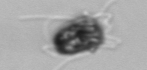
Label: Pyramimonas_morphotype1
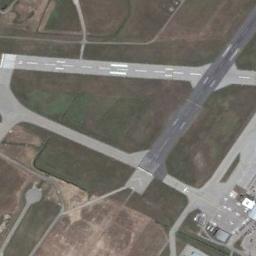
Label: airport
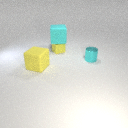
small cyan metal cylinder to the right of large yellow rubber cube
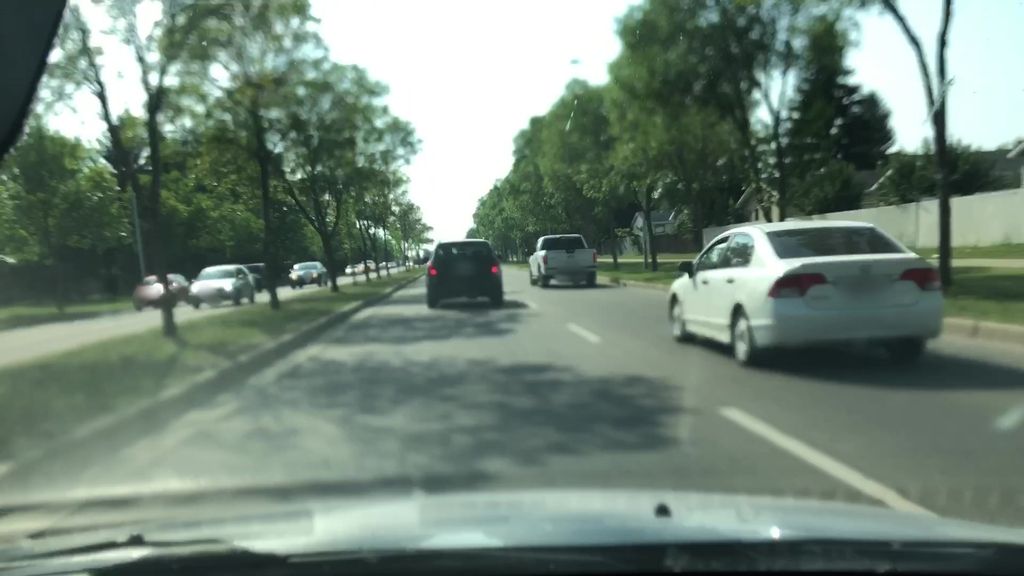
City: edmonton
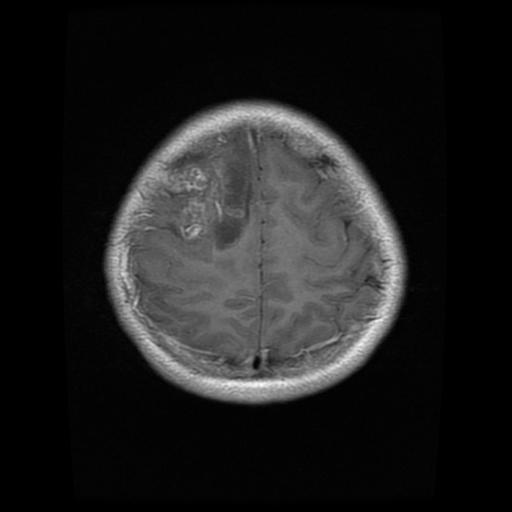
Label: glioma
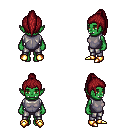
a pixel art fantasy rpg character, female body template, orc, green skin, steel chest armor, metal pants, brunette long topknot hairstyle, gold boots, four views (front, back, left, right), 2x2 character sprite sheet, small pixel art, hard edges, no anti-aliasing

┄┄┄┄┄┄┄┄┄┄

Task to carry out: From the line containing "Label: airport" through the last line of the listing, inclusive, transcribe every line exactly and nothing else; the pictures stay out.

Task result:
Label: airport
small cyan metal cylinder to the right of large yellow rubber cube
City: edmonton
Label: glioma
a pixel art fantasy rpg character, female body template, orc, green skin, steel chest armor, metal pants, brunette long topknot hairstyle, gold boots, four views (front, back, left, right), 2x2 character sprite sheet, small pixel art, hard edges, no anti-aliasing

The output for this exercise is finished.